Consider a 2013 paper by Itzhak Ben-David, John R. Graham and Campbell R. Harvey, which found the range of outcomes that corporate CFOs provide for one-year stock market forecasts tend to be unrealistically narrow. Over a 10-year period, a panel of CFOs were asked to estimate market return probability ranges that would lead them to be right 80% of the time. However, instead of working 80% of the time, barely more than one in three was correct. The authors note that executives are severely miscalibrated and too sure of their ability to predict the future.1,2
The specter of overconfidence could also loom over decisions to buy dips in the stock market. At its core, “buy the dip” is a speculation that the next move in the market will be higher, thus making the decline (dip) a buying opportunity. It has worked for what seems like a very long time now – nearly 10 years into the current bull market. But, about those predictions … if the CFOs don’t know, then investors should ask themselves whether they really know what the future holds.
There is also risk of buying, not a mere dip, but rather a prelude to a more serious market decline. Here, the scenario goes from bad to worse for the dip buyer: a reversion to the long-term median cyclically adjusted price-to-earnings (P/E) ratio for the S&P 500® Index has rarely suggested a worse potential loss. For investors who aim to compound returns over the long haul and who cannot tolerate significant losses along the way, buying the dip simply won’t cut it as an investment strategy. We suggest an alternative approach: Don’t buy the dip. Evaluate the dip and buy bargains.
Source: Robert Shiller, http://www.econ.yale.edu/~shiller/data.htm. As of 10/31/18. Median cyclically adjusted P/E (CAPE) is 16.2x over the entire data set. S&P 500 Index at 2,711 is CAPE of 30.6x, suggesting a 47.1% potential loss.
Our investment team at Perkins is evaluating the equity market’s recent dip by reviewing the weakest areas (i.e., stocks with the biggest price declines). As a general matter, it seems that concerns about the duration of the economic cycle are spreading, and each particular sector and industry has its own dynamic to consider. For example, semiconductors & semiconductor equipment was recently the single worst-performing industry group within the MSCI World IndexSM, losing roughly 13% in the three months ended October 31. After several years of surging demand and record profits, companies are now seeing falling prices for memory chips, declining orders for equipment and weakening end demand.

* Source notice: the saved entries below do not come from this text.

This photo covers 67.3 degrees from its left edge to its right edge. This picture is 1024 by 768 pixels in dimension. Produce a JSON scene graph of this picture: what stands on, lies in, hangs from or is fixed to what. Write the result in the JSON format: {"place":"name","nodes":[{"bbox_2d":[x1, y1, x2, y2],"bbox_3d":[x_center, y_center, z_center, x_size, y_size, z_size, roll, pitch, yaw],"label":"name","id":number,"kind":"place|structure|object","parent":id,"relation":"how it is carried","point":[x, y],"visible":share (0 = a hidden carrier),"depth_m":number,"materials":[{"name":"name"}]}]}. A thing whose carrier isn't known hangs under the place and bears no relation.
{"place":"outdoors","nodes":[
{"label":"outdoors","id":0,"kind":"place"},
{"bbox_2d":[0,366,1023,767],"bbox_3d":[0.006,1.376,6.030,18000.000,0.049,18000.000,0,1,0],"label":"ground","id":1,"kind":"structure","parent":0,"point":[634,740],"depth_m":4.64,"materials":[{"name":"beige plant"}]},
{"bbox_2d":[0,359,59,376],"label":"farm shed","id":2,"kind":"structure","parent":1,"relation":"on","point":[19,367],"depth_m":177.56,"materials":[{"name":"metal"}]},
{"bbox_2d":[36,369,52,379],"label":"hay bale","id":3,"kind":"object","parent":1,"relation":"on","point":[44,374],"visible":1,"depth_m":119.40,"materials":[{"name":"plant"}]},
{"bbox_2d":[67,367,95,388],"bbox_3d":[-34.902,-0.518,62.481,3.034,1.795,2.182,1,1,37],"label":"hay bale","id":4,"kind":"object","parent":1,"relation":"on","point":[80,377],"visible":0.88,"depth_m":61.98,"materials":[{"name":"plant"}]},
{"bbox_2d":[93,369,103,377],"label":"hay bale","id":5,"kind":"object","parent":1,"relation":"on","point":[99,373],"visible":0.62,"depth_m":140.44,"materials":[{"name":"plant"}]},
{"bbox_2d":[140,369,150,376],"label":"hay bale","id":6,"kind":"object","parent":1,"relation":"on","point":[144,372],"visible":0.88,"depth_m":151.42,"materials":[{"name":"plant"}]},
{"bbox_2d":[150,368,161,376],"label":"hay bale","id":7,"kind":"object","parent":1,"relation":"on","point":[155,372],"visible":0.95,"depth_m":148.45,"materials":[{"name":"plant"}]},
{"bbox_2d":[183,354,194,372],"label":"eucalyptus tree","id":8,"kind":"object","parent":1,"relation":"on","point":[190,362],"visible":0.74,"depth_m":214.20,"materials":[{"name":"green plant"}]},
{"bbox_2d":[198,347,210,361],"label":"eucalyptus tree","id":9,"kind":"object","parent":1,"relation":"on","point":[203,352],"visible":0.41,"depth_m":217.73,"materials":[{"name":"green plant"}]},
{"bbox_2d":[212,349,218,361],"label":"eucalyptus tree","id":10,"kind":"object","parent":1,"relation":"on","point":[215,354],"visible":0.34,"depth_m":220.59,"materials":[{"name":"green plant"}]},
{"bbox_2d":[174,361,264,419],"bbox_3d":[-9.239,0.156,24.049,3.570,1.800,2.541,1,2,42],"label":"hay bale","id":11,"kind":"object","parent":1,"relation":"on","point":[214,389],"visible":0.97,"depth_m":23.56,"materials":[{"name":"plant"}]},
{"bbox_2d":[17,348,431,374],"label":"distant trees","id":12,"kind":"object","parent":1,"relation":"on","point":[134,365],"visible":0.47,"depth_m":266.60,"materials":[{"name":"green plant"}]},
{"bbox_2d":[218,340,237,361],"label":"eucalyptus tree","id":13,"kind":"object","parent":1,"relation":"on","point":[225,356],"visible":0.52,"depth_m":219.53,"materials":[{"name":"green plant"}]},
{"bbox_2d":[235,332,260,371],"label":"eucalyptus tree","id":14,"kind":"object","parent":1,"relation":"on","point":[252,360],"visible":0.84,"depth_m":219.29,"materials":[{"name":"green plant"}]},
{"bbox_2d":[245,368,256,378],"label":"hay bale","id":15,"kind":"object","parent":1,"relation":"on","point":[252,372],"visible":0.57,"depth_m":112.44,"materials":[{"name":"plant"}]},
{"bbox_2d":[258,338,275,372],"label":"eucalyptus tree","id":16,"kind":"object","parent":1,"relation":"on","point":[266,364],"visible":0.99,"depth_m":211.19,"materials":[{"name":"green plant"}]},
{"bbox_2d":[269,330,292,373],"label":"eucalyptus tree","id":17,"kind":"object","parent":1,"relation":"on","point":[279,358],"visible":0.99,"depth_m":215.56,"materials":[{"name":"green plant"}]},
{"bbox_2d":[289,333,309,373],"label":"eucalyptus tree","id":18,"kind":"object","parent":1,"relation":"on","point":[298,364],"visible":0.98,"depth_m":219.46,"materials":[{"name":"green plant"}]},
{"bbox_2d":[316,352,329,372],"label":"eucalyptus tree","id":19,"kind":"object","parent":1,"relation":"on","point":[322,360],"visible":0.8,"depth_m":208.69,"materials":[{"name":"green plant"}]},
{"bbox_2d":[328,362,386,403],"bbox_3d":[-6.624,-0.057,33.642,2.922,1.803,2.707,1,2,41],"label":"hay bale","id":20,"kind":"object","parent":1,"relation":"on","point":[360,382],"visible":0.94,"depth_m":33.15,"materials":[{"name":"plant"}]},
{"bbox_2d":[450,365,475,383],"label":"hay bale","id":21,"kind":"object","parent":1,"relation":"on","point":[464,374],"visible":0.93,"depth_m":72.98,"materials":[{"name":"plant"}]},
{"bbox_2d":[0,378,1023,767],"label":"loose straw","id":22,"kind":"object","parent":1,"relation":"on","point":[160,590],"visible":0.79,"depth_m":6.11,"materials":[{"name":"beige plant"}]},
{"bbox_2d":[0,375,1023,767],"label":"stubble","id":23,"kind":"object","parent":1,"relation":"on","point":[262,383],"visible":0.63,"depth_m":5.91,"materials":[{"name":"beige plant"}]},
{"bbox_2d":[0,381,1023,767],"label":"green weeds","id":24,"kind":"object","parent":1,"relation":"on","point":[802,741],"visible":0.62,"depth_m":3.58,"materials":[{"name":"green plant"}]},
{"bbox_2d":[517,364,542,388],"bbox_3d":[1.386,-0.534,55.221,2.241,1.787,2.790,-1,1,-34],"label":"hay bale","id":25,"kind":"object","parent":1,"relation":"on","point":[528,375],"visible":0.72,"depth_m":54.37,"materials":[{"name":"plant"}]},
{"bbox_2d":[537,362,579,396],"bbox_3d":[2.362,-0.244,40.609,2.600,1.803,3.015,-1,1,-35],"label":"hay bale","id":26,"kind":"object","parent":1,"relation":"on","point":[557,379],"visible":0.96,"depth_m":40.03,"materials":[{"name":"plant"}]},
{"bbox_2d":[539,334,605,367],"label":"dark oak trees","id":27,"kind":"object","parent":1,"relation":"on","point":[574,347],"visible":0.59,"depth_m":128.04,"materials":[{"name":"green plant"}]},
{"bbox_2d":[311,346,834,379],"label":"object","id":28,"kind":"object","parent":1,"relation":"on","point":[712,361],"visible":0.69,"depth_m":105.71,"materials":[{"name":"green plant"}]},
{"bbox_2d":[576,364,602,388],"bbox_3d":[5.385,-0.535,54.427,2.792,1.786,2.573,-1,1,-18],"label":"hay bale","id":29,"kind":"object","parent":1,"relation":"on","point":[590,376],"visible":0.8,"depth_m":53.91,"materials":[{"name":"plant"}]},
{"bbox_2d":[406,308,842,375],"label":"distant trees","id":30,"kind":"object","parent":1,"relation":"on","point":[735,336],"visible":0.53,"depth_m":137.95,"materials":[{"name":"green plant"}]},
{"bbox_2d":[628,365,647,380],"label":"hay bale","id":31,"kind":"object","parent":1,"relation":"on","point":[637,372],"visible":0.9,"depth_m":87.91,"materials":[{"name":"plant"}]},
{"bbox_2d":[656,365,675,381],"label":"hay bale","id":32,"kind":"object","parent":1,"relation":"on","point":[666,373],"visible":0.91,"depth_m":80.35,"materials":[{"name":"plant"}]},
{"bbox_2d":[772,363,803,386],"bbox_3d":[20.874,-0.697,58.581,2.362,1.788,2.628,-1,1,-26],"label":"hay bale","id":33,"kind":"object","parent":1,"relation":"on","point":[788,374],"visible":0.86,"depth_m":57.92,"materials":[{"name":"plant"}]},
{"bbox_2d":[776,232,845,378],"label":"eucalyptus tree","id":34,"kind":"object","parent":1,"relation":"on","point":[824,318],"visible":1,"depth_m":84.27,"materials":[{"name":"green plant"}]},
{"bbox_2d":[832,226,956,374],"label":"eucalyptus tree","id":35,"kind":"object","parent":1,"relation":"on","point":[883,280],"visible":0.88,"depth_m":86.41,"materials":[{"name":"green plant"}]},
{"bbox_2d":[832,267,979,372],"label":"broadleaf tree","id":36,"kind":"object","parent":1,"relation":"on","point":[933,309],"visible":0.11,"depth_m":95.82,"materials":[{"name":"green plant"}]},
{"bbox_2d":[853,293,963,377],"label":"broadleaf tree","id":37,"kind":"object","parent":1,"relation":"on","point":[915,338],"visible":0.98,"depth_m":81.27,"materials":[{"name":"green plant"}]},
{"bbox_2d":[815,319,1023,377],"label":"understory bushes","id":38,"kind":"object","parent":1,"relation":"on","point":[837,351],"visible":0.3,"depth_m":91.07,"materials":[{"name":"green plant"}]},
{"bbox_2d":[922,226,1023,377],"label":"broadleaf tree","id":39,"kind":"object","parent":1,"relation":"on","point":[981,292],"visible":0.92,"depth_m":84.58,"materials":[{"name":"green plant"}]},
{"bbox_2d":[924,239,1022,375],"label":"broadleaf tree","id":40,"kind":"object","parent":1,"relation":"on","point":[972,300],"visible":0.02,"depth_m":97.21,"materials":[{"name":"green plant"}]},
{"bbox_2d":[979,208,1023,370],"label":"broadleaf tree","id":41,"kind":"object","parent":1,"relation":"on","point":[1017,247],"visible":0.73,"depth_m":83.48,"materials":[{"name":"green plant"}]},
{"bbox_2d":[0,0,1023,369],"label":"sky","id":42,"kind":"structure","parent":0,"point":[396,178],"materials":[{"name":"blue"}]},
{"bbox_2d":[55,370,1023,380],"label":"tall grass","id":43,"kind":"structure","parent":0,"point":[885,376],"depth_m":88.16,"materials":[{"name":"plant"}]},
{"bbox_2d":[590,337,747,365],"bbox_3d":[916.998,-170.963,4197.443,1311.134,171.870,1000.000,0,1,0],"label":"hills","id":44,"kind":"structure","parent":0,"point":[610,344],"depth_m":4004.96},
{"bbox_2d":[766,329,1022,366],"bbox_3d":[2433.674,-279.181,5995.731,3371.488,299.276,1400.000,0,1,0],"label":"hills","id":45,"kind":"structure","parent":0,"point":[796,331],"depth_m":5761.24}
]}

Other areas seeing big declines include several materials and automobile and automotive components companies that have recently warned on earnings due to rising input costs, falling demand and trade war developments. Banks are also under pressure – in Europe on GDP deceleration and euro turbulence caused by Italy, and in the U.S. on weak loan growth and higher funding costs. Aggregating across the market’s laggards, the stock market consensus appears to be grappling with the idea that we may have passed the peak of the current expansion and benign investing environment.
In our opinion, as trading conditions become more volatile and sellers more fearful, the likelihood of identifying bargain stock prices grows. Pain on the other side of the trade is the first, but not the only, criteria for the bargain hunter. Second, the company should have a durable competitive advantage, such that, over time and through market cycles, it will be able to earn more than its fair share of profits. Third, the balance sheet should be well capitalized and liquid to enable the company to endure a much more difficult operating environment should that scenario lie ahead. Finally, a stock’s price should be low enough relative to a company’s earnings power/net asset value to offer a margin of safety (should the market environment weaken further) and attractive return potential (over the long term).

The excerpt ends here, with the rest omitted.